Evaluation: The test dataset is used to benchmark the performance of both baseline and fine-tuned models.
Benchmarking models
Baseline models:
LastMile_Summarization (alBERTa)
Phoenix Arize - GPT-4o and GPT-4o-mini
Fine tuned models (alBERTa): LastMile_100 , LastMile_200, LastMile_400 , LastMile_700
alBERTa fine-tuned with 100, 200, 400, and 700 training samples, respectively.
Results
Accuracy: We observe that fine-tuning yields only marginal benefit over baseline Summarization score metric in AutoEval. Overall, using alBERTa for summarization score metric significantly outperforms gpt-4o and gpt-4o-mini.

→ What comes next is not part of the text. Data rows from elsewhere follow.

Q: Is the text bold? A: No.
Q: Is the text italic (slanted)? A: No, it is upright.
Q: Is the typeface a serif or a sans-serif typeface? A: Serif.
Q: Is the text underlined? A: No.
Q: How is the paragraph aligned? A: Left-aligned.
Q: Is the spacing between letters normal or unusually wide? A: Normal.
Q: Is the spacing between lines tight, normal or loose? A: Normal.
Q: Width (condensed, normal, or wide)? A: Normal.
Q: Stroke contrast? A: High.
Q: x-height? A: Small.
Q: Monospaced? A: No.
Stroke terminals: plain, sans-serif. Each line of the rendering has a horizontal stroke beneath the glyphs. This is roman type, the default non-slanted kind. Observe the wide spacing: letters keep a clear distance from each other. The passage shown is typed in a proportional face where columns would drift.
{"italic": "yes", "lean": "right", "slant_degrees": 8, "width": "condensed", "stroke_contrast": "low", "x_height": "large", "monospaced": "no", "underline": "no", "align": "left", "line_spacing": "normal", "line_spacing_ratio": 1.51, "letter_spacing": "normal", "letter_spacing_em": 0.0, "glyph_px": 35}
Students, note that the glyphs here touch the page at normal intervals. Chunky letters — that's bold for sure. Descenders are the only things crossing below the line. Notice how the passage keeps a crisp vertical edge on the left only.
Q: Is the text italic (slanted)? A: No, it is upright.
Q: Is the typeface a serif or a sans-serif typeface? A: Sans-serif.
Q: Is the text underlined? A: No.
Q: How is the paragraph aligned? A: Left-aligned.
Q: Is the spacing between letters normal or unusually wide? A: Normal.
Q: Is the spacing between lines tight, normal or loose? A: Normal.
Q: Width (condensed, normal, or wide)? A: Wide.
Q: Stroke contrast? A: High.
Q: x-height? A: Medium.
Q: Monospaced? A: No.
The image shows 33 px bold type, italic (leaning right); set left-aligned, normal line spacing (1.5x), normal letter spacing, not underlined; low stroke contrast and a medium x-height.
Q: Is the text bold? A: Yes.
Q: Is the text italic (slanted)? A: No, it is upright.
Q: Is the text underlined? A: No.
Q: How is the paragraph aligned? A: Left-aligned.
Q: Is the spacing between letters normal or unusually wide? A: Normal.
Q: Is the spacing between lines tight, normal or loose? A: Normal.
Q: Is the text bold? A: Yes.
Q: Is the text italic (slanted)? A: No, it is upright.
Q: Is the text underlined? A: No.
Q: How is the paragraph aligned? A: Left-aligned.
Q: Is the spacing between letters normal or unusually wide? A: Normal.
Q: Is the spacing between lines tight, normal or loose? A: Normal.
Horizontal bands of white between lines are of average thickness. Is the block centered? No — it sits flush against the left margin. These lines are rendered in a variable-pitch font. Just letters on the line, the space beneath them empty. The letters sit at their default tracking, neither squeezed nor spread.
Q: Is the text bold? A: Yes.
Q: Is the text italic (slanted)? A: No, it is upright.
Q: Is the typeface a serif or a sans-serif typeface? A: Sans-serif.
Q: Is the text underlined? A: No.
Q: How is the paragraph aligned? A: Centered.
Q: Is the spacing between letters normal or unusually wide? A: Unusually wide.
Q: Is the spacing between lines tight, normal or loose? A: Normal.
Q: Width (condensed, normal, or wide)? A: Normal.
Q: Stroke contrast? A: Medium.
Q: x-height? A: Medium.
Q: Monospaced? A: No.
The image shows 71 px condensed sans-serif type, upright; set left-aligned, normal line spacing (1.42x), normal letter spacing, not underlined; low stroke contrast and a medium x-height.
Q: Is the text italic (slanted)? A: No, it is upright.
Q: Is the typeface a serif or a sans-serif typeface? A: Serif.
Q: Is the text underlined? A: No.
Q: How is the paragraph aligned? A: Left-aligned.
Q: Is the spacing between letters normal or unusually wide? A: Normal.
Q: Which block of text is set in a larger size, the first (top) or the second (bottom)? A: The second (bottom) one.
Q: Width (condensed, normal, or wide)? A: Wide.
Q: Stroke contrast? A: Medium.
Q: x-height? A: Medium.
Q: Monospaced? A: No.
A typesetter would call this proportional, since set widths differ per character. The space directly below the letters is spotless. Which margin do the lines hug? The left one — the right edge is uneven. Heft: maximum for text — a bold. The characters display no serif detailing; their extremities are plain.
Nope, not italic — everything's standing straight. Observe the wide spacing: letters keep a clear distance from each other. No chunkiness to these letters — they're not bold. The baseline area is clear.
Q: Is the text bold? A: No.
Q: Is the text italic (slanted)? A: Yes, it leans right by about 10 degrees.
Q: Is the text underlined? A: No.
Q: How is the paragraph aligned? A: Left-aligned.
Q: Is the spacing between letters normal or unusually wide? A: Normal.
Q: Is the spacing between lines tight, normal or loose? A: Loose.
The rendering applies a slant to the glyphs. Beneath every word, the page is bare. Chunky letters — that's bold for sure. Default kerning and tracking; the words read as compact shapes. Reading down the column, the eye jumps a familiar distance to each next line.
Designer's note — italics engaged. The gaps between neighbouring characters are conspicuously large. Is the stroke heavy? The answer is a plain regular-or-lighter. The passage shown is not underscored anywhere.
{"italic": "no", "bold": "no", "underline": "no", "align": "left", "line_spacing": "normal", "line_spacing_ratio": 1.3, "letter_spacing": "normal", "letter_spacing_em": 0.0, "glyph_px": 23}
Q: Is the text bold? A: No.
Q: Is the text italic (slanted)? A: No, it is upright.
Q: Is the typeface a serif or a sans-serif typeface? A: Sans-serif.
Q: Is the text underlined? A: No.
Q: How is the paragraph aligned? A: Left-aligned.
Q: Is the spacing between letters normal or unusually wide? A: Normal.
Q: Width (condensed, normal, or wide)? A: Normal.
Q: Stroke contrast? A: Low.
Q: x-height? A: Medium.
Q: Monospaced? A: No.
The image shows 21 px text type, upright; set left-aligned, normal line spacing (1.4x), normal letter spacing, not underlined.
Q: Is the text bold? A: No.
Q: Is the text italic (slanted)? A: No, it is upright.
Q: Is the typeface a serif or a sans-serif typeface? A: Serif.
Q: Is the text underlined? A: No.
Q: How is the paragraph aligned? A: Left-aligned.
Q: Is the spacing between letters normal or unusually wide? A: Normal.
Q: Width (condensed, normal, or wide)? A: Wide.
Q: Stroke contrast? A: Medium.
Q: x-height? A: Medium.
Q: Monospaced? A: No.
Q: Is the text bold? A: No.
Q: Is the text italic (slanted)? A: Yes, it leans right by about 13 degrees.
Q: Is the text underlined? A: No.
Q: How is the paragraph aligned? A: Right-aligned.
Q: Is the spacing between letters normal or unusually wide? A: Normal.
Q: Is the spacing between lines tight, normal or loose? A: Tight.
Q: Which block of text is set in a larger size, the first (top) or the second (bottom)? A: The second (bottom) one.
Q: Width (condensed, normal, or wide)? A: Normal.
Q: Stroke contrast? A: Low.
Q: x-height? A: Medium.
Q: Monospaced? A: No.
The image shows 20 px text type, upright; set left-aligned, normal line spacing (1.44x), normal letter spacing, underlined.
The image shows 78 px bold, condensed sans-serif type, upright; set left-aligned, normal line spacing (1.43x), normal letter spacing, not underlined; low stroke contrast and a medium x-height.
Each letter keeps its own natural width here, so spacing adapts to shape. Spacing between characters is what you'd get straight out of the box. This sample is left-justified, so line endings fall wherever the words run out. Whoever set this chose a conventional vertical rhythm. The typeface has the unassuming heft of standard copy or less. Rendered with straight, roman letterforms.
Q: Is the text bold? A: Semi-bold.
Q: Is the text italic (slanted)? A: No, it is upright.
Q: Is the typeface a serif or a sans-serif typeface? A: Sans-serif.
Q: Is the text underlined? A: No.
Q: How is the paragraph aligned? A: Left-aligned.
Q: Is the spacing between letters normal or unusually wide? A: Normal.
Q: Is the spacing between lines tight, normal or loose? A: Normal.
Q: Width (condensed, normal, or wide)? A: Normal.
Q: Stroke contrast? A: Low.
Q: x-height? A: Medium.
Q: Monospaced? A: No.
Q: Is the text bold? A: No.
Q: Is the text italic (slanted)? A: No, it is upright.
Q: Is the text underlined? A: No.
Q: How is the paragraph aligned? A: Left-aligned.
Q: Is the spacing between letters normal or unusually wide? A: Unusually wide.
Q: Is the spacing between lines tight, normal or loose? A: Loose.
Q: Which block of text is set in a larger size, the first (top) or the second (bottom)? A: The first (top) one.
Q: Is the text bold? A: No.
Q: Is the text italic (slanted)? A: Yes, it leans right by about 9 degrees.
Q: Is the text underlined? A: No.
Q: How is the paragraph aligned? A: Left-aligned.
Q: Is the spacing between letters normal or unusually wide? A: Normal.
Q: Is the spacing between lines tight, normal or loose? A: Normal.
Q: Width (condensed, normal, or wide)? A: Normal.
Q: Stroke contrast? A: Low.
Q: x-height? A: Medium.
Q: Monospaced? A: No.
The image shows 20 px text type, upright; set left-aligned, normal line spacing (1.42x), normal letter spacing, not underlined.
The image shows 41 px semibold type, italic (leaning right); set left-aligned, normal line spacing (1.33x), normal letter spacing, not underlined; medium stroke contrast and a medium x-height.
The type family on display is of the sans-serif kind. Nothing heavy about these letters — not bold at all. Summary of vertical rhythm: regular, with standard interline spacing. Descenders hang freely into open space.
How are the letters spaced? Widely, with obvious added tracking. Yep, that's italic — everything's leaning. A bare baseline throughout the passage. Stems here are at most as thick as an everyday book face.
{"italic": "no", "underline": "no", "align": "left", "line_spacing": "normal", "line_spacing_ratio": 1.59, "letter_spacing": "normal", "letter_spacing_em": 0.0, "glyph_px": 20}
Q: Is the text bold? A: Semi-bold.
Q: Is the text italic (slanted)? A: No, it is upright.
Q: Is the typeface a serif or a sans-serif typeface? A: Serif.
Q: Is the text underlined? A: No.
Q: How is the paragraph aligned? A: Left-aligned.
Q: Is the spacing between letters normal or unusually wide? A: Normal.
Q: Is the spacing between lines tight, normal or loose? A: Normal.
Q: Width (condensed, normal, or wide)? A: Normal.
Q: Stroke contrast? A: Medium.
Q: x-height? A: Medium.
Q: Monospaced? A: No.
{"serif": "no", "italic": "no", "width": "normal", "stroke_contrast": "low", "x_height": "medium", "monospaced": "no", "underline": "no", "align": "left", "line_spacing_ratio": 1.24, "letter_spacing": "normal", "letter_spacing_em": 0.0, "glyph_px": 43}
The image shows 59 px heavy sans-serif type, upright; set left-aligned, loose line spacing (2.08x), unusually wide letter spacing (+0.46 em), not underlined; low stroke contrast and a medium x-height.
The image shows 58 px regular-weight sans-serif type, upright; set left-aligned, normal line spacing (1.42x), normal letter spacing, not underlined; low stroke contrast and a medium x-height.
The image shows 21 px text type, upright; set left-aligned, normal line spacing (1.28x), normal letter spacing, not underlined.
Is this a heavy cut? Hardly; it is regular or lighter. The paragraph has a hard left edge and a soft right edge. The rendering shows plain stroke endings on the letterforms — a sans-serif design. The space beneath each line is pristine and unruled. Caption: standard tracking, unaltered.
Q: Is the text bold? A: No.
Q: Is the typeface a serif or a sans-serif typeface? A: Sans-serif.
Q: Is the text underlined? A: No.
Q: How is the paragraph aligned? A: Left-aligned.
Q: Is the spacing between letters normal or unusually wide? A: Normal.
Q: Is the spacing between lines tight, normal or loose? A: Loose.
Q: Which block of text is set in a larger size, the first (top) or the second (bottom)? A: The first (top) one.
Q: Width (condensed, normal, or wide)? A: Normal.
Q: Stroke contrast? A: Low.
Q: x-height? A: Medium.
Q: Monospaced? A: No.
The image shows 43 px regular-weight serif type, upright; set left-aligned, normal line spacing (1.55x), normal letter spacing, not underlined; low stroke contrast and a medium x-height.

Efficiency: alBERTa wall time inference efficiency continues to dramatically outperform LLMs. Since alBERTa is a 400M parameter model, this is expected; however, the results are particularly impressive due to CPU-based inference.
The benchmarking results for AutoEval demonstrate the impact of using small language models for common evaluation tasks.
Significant Performance Improvements through Fine-Tuning:
Fine-tuned models outperformed their baseline counterparts across all metrics, but the effect was most pronounced for Faithfulness.
Effectiveness of Balanced Training Data:
Ensuring an equal distribution of positive and negative samples during fine-tuning proved critical in maintaining model consistency.
This balanced approach minimized bias and enhanced the models’ ability to generalize across diverse inputs.
Efficiency of LastMile Models:
AutoEval’s fine-tuned LastMile models exhibited significantly lower inference times compared to baseline and competitor models, making them a practical choice for real-world applications.
This efficiency ensures that high-performance evaluation tasks can be executed without compromising speed.
Final thoughts
AutoEval's fine-tuning capability provides developers with the tools to create domain-specific evaluation metrics that are both accurate and efficient. This helps ensure that compound AI applications can be rigorously evaluated while maintaining practical usability.